# ASSIGNED TASK:
Go line by line through the records below. Copy whichever lines contain the string "fabric".

******************************

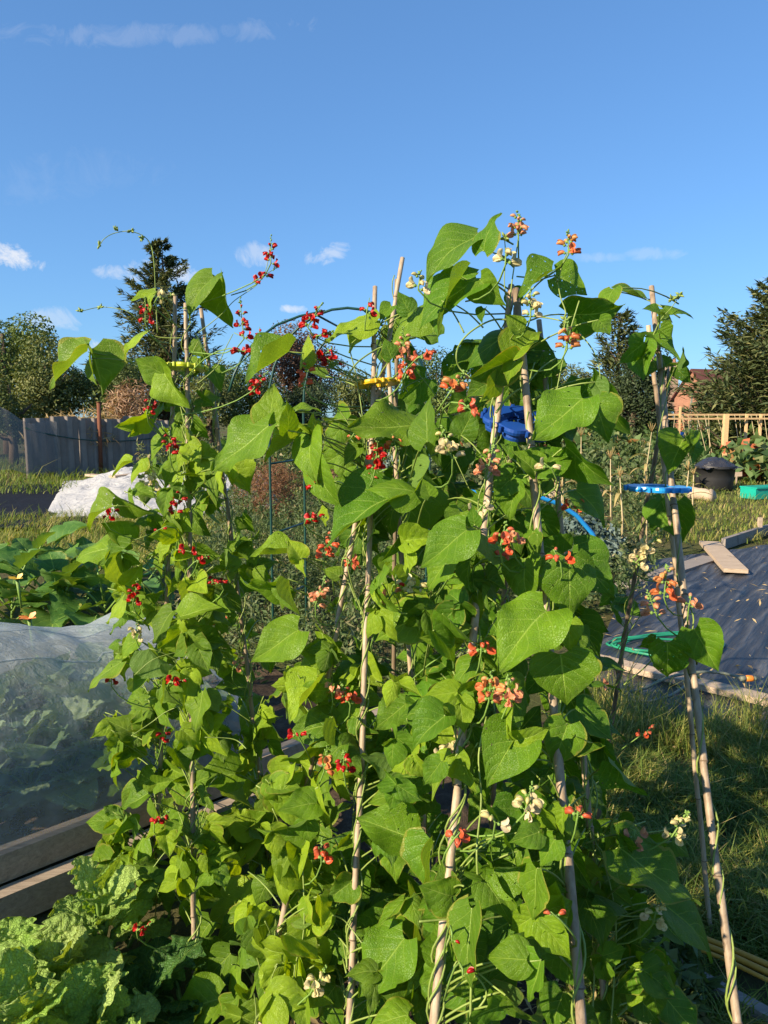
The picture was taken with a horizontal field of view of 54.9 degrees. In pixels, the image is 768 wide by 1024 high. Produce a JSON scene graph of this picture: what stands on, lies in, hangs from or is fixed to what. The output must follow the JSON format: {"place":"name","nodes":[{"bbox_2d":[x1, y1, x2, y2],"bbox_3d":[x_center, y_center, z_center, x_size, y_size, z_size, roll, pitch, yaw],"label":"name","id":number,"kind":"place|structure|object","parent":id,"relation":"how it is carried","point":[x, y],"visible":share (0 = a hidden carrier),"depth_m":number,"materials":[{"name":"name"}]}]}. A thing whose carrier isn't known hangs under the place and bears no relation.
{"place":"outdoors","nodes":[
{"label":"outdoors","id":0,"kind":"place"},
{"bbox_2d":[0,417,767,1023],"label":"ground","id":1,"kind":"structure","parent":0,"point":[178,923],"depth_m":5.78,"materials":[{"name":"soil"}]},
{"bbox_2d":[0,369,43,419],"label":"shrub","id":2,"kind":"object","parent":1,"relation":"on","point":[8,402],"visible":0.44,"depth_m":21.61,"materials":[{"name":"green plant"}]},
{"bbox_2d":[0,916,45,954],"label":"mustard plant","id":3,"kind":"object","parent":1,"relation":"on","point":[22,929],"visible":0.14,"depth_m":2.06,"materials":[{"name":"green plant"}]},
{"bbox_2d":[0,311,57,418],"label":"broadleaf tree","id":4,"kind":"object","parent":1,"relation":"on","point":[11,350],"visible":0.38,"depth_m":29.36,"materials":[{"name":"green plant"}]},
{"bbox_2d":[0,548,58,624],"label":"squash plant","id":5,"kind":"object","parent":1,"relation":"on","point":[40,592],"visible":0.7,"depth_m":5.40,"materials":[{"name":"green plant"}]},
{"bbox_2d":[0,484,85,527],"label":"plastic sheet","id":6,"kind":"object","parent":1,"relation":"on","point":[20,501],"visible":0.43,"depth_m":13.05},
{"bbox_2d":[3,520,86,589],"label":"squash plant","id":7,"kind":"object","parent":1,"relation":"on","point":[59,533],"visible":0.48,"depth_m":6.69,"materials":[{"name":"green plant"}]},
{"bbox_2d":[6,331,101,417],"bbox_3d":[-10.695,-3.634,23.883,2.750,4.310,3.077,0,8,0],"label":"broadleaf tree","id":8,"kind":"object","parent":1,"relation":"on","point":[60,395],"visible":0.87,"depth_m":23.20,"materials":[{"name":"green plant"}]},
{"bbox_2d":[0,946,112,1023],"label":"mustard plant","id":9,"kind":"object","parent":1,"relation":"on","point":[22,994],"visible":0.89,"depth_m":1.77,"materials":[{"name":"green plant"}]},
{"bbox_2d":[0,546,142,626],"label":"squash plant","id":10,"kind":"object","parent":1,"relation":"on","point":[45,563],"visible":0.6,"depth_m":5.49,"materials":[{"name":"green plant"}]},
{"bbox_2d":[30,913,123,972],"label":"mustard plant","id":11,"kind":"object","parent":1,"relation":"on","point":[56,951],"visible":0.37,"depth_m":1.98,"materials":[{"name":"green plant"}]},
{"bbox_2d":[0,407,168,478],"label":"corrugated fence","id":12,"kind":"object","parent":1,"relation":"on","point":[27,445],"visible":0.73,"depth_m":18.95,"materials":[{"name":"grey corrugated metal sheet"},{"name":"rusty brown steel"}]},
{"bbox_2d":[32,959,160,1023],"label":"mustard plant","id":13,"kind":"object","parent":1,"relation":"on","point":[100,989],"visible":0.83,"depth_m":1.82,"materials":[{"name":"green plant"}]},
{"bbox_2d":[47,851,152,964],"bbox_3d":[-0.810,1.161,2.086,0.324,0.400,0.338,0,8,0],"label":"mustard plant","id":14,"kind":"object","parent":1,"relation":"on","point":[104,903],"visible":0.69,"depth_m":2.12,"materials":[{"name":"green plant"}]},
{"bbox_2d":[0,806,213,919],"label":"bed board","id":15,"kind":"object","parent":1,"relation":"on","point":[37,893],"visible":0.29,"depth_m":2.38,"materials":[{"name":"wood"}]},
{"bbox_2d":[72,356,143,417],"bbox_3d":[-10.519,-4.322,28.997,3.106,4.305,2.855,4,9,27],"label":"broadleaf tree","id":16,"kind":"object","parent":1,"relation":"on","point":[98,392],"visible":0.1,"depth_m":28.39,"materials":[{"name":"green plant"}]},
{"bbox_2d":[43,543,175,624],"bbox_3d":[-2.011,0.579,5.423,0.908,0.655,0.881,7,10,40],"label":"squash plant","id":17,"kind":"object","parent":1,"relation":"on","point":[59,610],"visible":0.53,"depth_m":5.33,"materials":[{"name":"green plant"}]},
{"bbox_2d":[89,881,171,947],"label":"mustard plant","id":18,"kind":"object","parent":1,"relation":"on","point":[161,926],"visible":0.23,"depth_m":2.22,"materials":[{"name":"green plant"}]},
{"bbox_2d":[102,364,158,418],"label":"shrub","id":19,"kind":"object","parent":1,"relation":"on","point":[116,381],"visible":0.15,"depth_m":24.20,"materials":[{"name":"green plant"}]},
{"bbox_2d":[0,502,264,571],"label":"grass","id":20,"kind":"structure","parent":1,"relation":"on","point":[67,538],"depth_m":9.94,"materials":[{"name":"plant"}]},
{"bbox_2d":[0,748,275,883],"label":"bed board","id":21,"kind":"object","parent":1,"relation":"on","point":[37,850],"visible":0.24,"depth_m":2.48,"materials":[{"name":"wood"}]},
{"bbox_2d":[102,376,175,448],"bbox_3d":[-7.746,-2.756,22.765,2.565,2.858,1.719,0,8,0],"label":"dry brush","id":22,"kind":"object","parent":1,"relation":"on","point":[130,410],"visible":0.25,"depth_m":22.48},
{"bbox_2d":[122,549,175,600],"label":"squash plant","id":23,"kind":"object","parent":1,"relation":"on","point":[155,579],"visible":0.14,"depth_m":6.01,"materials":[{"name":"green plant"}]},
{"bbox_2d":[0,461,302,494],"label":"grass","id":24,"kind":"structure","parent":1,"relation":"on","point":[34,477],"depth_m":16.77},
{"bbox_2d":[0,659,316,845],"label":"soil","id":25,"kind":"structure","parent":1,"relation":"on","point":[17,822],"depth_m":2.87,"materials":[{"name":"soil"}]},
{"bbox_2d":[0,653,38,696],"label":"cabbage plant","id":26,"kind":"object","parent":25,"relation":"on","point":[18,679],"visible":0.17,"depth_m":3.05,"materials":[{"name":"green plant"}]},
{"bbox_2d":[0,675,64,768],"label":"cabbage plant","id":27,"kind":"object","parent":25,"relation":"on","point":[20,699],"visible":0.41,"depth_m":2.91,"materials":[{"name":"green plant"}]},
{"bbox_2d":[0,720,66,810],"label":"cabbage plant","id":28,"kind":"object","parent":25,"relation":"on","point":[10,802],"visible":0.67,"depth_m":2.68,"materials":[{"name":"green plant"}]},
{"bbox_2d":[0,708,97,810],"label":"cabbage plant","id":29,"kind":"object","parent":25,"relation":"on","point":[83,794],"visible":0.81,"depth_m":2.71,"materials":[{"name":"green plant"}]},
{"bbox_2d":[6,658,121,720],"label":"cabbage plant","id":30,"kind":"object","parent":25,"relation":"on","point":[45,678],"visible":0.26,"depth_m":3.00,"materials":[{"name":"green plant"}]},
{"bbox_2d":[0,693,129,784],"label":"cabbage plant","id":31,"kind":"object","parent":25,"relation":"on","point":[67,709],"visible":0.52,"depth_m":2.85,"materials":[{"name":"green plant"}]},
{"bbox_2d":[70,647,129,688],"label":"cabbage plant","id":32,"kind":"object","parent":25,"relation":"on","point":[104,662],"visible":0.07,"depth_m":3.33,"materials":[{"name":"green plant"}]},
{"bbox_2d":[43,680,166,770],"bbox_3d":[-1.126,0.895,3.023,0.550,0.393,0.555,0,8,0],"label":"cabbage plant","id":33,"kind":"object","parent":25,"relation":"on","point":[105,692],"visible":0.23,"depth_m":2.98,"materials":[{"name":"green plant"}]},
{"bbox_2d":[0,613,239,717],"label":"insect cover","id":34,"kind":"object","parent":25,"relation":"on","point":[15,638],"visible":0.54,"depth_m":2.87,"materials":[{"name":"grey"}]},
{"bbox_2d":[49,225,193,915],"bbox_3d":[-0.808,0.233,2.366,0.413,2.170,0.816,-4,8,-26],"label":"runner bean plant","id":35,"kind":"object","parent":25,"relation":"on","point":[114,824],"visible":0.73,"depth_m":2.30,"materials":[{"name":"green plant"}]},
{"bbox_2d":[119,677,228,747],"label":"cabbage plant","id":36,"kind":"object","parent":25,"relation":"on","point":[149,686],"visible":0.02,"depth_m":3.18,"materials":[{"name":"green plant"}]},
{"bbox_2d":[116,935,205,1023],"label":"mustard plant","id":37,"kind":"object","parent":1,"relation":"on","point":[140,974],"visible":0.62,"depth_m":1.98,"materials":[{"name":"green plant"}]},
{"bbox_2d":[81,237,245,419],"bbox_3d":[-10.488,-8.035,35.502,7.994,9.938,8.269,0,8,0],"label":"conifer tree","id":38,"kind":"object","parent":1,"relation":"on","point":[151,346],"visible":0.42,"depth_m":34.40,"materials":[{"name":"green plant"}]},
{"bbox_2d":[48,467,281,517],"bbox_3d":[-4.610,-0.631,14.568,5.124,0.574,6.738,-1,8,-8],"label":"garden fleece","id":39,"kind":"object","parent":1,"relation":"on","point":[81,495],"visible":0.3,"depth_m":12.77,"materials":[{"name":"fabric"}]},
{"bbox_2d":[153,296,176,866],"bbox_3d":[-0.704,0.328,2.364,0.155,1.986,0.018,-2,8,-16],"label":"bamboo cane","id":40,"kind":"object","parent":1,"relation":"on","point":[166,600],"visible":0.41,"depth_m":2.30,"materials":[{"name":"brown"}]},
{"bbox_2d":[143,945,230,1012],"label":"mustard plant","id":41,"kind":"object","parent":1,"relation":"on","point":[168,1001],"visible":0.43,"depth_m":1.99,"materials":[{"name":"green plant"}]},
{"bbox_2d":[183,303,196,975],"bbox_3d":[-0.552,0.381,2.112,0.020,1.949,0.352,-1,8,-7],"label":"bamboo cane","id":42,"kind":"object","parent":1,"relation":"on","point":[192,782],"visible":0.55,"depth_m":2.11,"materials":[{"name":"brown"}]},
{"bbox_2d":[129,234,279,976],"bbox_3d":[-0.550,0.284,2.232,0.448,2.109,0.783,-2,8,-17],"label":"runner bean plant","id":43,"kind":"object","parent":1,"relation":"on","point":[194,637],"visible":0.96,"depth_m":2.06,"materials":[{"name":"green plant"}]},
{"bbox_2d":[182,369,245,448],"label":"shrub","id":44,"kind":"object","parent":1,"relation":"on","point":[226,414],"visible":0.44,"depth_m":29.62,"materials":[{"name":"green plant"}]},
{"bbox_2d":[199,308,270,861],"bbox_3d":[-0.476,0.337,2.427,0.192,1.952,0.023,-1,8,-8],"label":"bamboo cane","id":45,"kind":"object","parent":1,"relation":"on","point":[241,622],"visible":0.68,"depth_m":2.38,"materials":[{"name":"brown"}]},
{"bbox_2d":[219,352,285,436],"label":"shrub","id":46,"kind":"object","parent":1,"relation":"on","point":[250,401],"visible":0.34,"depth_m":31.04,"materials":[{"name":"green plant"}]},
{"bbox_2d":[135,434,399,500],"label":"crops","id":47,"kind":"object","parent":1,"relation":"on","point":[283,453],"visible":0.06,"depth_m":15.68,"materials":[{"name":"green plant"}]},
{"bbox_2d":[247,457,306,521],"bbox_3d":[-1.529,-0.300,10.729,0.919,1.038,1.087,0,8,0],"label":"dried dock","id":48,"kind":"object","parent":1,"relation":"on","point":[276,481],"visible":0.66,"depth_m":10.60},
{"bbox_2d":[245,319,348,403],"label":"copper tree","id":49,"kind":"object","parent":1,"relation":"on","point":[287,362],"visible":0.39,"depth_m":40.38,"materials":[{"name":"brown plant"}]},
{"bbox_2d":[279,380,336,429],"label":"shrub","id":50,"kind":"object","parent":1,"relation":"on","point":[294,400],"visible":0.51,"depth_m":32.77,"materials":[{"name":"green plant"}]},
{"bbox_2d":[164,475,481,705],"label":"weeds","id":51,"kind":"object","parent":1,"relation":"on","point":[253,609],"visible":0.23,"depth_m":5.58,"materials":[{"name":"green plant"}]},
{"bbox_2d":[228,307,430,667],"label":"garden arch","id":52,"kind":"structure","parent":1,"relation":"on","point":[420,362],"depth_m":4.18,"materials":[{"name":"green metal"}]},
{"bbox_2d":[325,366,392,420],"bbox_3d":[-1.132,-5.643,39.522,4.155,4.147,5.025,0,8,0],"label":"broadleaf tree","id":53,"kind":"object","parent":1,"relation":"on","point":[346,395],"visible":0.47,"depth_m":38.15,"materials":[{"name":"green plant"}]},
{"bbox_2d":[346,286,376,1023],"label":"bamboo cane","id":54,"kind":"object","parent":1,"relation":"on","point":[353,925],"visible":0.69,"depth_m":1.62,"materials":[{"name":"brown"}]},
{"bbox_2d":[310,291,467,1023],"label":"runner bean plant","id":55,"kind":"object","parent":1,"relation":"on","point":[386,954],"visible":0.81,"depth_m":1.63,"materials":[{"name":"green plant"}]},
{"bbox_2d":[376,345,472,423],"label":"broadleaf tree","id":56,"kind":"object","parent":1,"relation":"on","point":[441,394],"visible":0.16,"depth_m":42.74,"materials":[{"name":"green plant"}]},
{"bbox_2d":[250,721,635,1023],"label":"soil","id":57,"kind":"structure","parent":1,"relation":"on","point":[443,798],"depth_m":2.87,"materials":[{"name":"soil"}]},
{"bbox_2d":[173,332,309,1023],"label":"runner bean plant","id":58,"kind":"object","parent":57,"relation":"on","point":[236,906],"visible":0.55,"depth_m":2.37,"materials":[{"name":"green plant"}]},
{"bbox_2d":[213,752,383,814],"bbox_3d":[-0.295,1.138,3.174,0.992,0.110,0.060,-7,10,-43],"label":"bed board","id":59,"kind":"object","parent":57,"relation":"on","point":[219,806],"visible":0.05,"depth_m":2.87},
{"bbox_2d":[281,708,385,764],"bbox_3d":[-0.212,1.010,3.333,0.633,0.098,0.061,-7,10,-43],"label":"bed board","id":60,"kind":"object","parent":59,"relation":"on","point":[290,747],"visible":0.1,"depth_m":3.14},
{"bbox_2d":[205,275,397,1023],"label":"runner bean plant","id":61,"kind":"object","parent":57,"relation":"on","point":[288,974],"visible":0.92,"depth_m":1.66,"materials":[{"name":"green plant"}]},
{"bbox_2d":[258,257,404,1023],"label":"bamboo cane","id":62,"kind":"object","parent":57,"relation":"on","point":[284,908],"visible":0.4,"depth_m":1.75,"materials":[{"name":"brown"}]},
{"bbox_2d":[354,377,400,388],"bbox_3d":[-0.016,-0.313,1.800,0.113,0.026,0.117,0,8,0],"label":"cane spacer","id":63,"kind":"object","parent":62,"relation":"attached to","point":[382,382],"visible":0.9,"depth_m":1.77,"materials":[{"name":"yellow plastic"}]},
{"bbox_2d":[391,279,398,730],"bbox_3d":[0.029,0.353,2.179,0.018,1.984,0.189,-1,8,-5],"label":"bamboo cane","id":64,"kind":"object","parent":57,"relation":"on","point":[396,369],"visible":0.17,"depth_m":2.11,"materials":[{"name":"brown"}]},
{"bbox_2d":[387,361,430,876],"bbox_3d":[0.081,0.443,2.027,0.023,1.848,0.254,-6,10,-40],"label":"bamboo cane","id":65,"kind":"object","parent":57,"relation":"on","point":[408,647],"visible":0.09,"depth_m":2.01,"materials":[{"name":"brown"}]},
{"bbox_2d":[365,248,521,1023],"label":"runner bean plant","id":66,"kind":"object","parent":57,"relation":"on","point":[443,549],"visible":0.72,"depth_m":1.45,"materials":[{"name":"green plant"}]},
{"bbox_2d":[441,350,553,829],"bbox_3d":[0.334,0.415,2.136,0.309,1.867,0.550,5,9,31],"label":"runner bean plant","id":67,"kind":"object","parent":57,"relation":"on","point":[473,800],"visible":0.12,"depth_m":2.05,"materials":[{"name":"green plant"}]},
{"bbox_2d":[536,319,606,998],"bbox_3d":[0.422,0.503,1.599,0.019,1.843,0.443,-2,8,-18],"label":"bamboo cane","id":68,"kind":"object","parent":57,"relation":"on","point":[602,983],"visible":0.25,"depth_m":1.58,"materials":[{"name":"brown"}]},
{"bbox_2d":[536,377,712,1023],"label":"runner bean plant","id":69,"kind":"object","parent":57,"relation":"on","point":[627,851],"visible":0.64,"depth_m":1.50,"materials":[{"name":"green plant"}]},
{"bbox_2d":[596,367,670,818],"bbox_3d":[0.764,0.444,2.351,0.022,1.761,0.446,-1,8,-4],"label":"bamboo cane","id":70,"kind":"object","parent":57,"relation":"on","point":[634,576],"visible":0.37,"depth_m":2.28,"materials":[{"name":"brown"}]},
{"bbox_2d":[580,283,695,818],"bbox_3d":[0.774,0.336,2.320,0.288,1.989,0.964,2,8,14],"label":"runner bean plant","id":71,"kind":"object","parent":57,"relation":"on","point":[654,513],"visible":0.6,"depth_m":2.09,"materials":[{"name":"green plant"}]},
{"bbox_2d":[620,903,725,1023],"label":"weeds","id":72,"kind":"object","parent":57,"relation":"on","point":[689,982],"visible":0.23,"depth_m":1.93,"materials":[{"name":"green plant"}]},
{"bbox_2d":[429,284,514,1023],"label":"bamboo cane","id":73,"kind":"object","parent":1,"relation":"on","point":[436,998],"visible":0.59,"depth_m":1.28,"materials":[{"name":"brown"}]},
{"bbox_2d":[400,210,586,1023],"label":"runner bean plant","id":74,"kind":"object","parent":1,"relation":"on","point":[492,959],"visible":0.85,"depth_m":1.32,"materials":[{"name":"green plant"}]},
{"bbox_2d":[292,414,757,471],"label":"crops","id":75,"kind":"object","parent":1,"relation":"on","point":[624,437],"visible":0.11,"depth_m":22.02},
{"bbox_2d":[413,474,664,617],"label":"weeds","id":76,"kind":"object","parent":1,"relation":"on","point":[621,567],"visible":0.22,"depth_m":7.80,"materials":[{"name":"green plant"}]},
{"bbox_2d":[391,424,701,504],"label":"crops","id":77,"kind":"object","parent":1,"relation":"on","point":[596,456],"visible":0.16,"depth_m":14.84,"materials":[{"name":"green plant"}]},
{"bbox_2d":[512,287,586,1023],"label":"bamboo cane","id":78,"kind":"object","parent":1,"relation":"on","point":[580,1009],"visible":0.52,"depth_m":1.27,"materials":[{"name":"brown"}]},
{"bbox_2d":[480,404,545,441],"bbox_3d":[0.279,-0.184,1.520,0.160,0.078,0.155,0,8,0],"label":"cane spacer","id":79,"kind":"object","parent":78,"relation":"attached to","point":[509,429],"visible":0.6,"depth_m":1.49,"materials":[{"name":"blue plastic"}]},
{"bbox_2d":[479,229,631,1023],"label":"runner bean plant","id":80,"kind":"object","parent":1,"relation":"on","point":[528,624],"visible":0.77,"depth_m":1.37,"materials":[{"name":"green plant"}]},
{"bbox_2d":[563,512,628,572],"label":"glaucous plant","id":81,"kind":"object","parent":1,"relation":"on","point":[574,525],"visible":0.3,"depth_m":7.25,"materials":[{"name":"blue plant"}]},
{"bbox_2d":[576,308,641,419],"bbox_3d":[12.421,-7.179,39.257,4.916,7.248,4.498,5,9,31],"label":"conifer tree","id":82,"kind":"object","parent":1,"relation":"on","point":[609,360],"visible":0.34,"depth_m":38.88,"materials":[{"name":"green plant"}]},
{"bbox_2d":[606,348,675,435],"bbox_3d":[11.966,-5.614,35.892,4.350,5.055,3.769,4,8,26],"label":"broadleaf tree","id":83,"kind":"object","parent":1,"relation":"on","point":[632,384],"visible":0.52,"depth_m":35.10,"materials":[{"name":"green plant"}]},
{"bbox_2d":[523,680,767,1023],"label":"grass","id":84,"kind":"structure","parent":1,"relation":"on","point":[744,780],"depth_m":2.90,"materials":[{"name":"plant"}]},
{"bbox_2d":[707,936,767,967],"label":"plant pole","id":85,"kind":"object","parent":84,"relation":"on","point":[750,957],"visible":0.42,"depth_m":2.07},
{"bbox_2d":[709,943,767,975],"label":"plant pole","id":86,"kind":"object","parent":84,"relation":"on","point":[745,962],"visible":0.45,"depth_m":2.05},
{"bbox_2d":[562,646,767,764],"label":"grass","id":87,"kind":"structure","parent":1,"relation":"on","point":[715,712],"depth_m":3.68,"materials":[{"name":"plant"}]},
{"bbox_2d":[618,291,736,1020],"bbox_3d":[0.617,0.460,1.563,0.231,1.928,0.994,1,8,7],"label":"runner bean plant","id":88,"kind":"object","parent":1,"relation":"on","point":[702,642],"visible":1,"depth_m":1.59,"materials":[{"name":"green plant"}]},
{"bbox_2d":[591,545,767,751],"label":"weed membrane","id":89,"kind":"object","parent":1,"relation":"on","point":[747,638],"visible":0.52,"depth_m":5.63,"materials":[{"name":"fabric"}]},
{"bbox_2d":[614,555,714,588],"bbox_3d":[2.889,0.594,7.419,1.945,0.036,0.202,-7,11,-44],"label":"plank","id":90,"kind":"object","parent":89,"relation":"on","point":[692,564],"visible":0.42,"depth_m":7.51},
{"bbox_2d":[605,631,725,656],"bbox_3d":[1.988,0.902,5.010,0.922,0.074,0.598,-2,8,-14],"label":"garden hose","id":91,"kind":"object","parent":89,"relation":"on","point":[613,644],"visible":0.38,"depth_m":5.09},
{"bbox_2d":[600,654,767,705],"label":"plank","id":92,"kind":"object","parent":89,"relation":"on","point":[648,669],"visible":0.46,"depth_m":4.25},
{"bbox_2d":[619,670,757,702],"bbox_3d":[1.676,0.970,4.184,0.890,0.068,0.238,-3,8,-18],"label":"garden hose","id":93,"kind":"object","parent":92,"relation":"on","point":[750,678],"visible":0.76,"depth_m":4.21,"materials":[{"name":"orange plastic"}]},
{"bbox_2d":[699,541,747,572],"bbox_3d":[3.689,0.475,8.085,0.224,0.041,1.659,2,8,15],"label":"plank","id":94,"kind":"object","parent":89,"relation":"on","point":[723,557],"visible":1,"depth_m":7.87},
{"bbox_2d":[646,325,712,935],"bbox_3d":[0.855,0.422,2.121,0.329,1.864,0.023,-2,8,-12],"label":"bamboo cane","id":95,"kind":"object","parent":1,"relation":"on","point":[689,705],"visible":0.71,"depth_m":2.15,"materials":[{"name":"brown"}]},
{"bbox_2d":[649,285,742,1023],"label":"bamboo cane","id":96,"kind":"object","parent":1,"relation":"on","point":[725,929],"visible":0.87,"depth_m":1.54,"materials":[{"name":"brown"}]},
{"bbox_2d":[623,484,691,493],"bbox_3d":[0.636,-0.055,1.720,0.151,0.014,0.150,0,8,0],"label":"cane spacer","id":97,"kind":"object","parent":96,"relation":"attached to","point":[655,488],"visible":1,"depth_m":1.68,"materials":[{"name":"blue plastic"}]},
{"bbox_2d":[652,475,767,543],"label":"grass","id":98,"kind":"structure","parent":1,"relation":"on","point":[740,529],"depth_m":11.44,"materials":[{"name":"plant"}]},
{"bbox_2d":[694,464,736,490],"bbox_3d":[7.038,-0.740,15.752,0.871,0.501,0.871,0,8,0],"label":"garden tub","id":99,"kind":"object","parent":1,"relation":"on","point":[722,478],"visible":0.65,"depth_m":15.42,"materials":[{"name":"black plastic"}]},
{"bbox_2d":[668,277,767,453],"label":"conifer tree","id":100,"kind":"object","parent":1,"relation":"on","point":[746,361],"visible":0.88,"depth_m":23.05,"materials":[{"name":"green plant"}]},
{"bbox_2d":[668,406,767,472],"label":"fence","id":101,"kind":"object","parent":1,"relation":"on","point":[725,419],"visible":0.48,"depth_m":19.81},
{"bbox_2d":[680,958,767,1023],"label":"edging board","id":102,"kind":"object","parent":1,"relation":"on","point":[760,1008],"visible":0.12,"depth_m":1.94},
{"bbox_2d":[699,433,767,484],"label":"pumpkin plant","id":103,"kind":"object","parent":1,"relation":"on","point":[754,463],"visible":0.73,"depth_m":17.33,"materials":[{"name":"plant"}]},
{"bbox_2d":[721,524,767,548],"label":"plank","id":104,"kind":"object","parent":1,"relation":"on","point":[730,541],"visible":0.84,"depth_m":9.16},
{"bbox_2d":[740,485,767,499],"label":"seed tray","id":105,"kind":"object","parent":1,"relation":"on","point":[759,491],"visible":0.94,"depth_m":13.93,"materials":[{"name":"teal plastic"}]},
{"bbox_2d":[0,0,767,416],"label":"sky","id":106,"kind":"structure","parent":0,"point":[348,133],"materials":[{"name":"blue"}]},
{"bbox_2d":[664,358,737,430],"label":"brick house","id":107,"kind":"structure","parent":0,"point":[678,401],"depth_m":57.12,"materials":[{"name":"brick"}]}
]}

******************************

# EXERCISE SOLUTION:
{"bbox_2d":[48,467,281,517],"bbox_3d":[-4.610,-0.631,14.568,5.124,0.574,6.738,-1,8,-8],"label":"garden fleece","id":39,"kind":"object","parent":1,"relation":"on","point":[81,495],"visible":0.3,"depth_m":12.77,"materials":[{"name":"fabric"}]},
{"bbox_2d":[591,545,767,751],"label":"weed membrane","id":89,"kind":"object","parent":1,"relation":"on","point":[747,638],"visible":0.52,"depth_m":5.63,"materials":[{"name":"fabric"}]},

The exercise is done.